I'm not going to repeat all the praises that this tool is receiving. Instead, you may for example read how you can use it to automatically reverse 2000 binaries or maybe how the underlying Low Level Instrumentation Language works. All in all platform looks very promising and I couldn't wait to try it after seeing it for the first time. Couple of months ago I was playing with the Beta and pretty much bought it first day it was released.

There is one tiny problem with Binary Ninja however - IDA Pro was here for years, therefore it is both feature rich and ecosystem around it is pretty robust. Binja still has a long way to go in this department - there are not that many useful plugins and some features are missing. One thing I've noticed for example is that while reversing basic libc functions and system calls are not annotated in any way. There is no prototype of them and arguments are not marked in any way. So instead of complaining I've decided to utilize available API and just fix that.

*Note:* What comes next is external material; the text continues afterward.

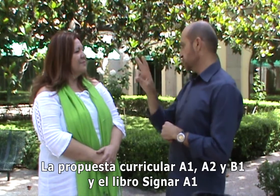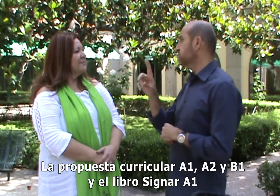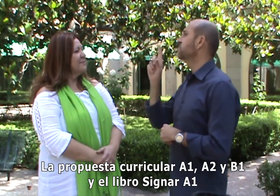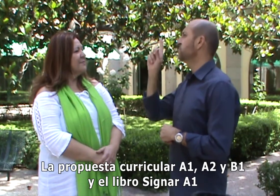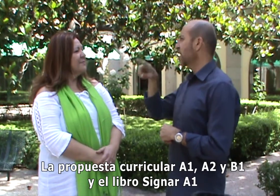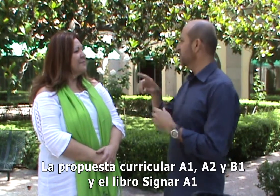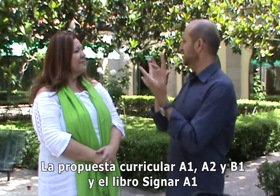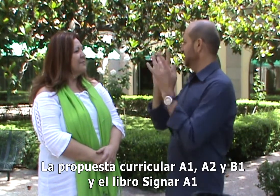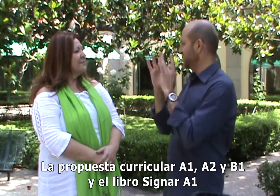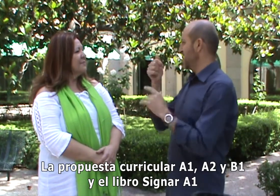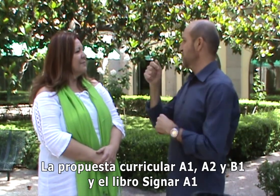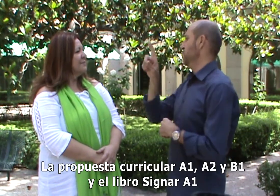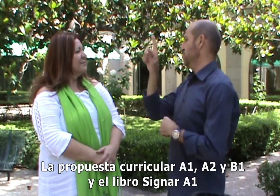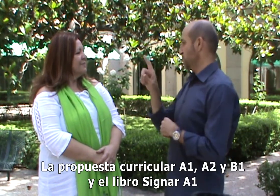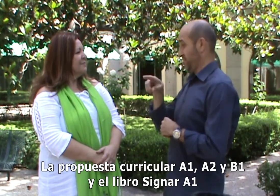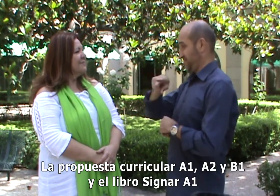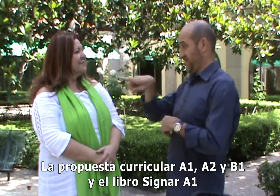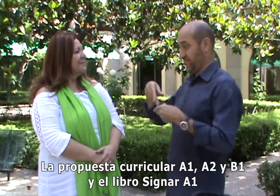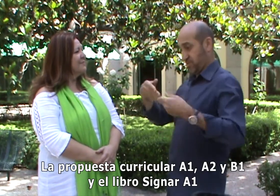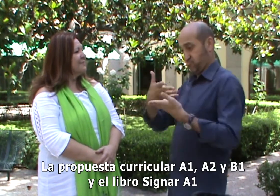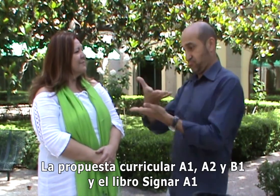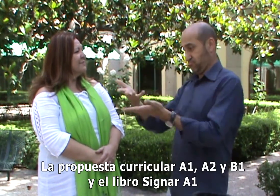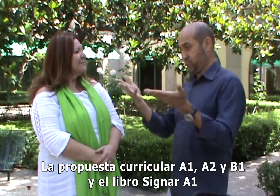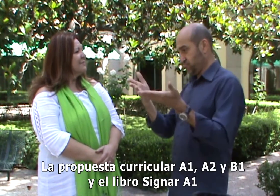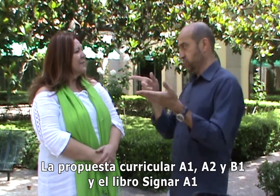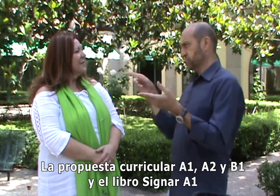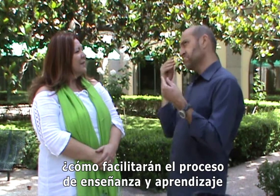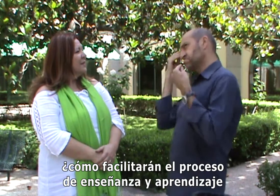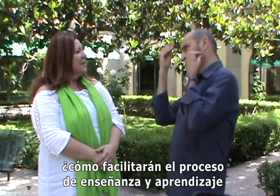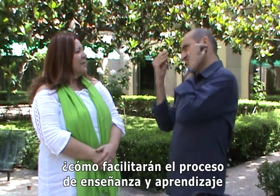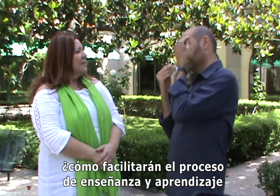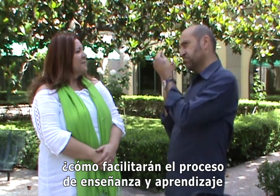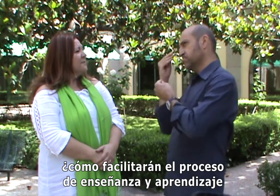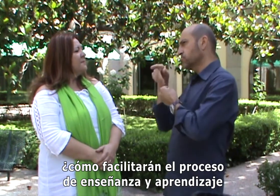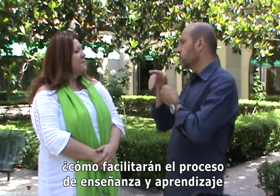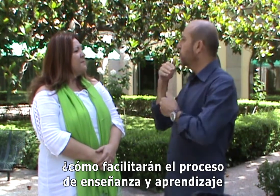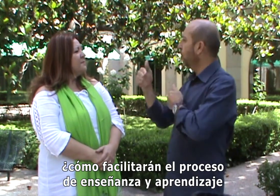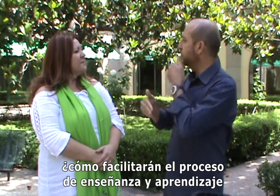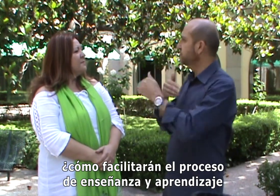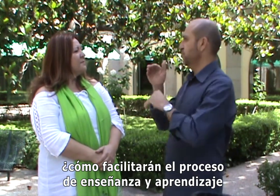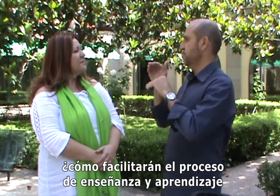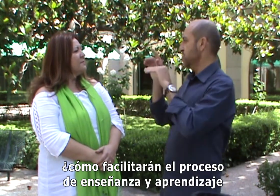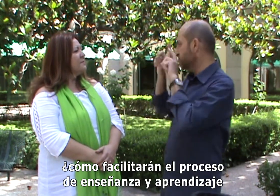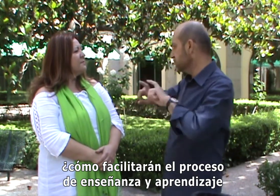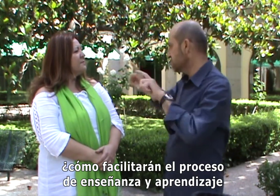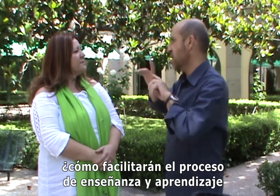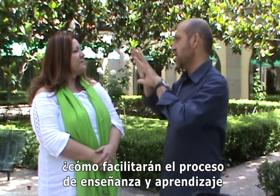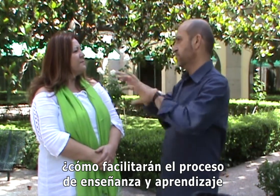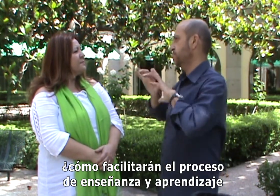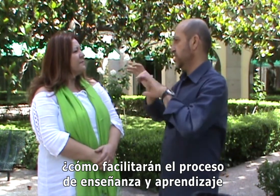A1, A2 y B1 y el libro Signar A1. ¿Cómo facilitarán el proceso de enseñanza y aprendizaje

Let's start by defining a problem. For example we have a listing like this:

Not terribly descriptive, right? Well, at least for strcpy() we roughly remember the prototype so we can quickly find where arguments are being pushed on the stack. But what about fchmodat() or sigaction(). Yeah, you need to get back to man page. How cool would be to open a binary and get this:

This is exactly what Annotator plugin does - it iterates through all instruction in the code building a virtual stack as it goes, but instead of variables it tracks instructions that pushed a given variable on to the stack. Upon encountering a call of known function it uses this virtual stack to annotate it with a proper argument prototype.

This is a very first release so it is probably riddled with bugs. Not to mention some features are missing. Right now not all glibc function prototypes are present because I haven't found a good and reliable way to extract them from headers - instead I'm using a combination of grep, regex and cut with some manual cleanup effort. That unfortunately takes time. Same goes for system calls, but I should be able to put all Linux 32bit ones today. Ah, and you have to run plugin manually in every function you view - right now there is no way to automatically apply it to all the functions - I'm contemplating to write one method allowing user to apply it to whole underlying call graph, but we will see about that.

Another thing is quite naive virtual stack implementation - for sure it requires more work to track stack growth more accurately and for example track number of arguments for functions with va_arg type of arguments. Right now I'm also scanning blocks of code in linear manner, but for future version I will probably switch to recursive mode with stack isolation for each path (well, right now I haven't encountered situation where functions arguments are done in different code block than the call itself, but better safe than sorry). Last thing to improve is number of virtual stacks - first for x64 platforms and later for ARM architecture.

Please, let me know what do you think about the extension and report all the bugs.